▶ _DATA PROVIDED_

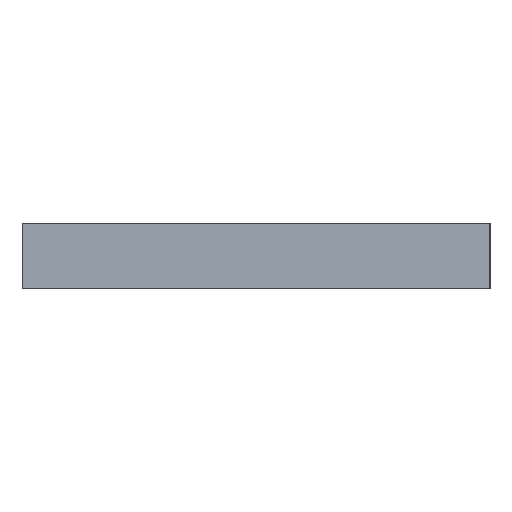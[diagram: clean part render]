
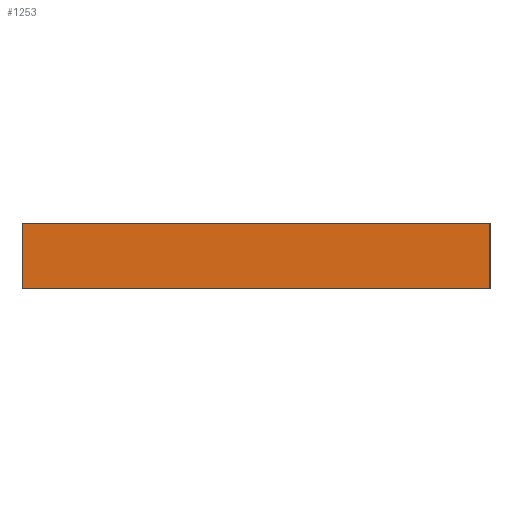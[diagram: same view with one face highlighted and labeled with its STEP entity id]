
A CAD part, left-side view. The second image highlights one B-rep face of the part: STEP entity #1253.
In plain terms, the highlighted planar face has unit normal (-1, 0, 0).
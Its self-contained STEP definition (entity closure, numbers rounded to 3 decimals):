
#1253=ADVANCED_FACE('',(#3199),#3200,.T.);
#3199=FACE_OUTER_BOUND('',#5851,.T.);
#3200=PLANE('',#5852);
#5851=EDGE_LOOP('',(#9377,#9378,#9379,#9380));
#5852=AXIS2_PLACEMENT_3D('',#9381,#9382,#9383);
#9377=ORIENTED_EDGE('',*,*,#17559,.F.);
#9378=ORIENTED_EDGE('',*,*,#17560,.F.);
#9379=ORIENTED_EDGE('',*,*,#17561,.F.);
#9380=ORIENTED_EDGE('',*,*,#17562,.F.);
#9381=CARTESIAN_POINT('',(30.943,4.344,6.));
#9382=DIRECTION('',(-1.0,0.0,0.0));
#9383=DIRECTION('',(0.0,1.0,0.0));
#17559=EDGE_CURVE('',#21684,#21685,#21686,.T.);
#17560=EDGE_CURVE('',#21687,#21684,#21688,.T.);
#17561=EDGE_CURVE('',#21689,#21687,#21690,.T.);
#17562=EDGE_CURVE('',#21685,#21689,#21691,.T.);
#21684=VERTEX_POINT('',#27596);
#21685=VERTEX_POINT('',#27597);
#21686=LINE('',#27598,#27599);
#21687=VERTEX_POINT('',#27600);
#21688=LINE('',#27601,#27602);
#21689=VERTEX_POINT('',#27603);
#21690=LINE('',#27604,#27605);
#21691=LINE('',#27606,#27607);
#27596=CARTESIAN_POINT('',(30.943,-16.149,0.));
#27597=CARTESIAN_POINT('',(30.943,26.851,0.));
#27598=CARTESIAN_POINT('',(30.943,5.351,0.));
#27599=VECTOR('',#33993,1.0);
#27600=CARTESIAN_POINT('',(30.943,-16.149,6.));
#27601=CARTESIAN_POINT('',(30.943,-16.149,0.));
#27602=VECTOR('',#33994,1.0);
#27603=CARTESIAN_POINT('',(30.943,26.851,6.));
#27604=CARTESIAN_POINT('',(30.943,16.101,6.));
#27605=VECTOR('',#33995,1.0);
#27606=CARTESIAN_POINT('',(30.943,26.851,0.));
#27607=VECTOR('',#33996,1.0);
#33993=DIRECTION('',(0.0,1.0,0.0));
#33994=DIRECTION('',(0.0,0.0,-1.0));
#33995=DIRECTION('',(0.0,-1.0,0.0));
#33996=DIRECTION('',(0.0,0.0,1.0));

▶ _EXERCISE BRIEF_
Print the data above verbatim from the first line through the line holding "#9379=ORIENTED_EDGE('',*,*,#17561,.F.);", leaving every picture out.

▶ _FINISHED EXERCISE_
[diagram: clean part render]
[diagram: same view with one face highlighted and labeled with its STEP entity id]
A CAD part, left-side view. The second image highlights one B-rep face of the part: STEP entity #1253.
In plain terms, the highlighted planar face has unit normal (-1, 0, 0).
Its self-contained STEP definition (entity closure, numbers rounded to 3 decimals):
#1253=ADVANCED_FACE('',(#3199),#3200,.T.);
#3199=FACE_OUTER_BOUND('',#5851,.T.);
#3200=PLANE('',#5852);
#5851=EDGE_LOOP('',(#9377,#9378,#9379,#9380));
#5852=AXIS2_PLACEMENT_3D('',#9381,#9382,#9383);
#9377=ORIENTED_EDGE('',*,*,#17559,.F.);
#9378=ORIENTED_EDGE('',*,*,#17560,.F.);
#9379=ORIENTED_EDGE('',*,*,#17561,.F.);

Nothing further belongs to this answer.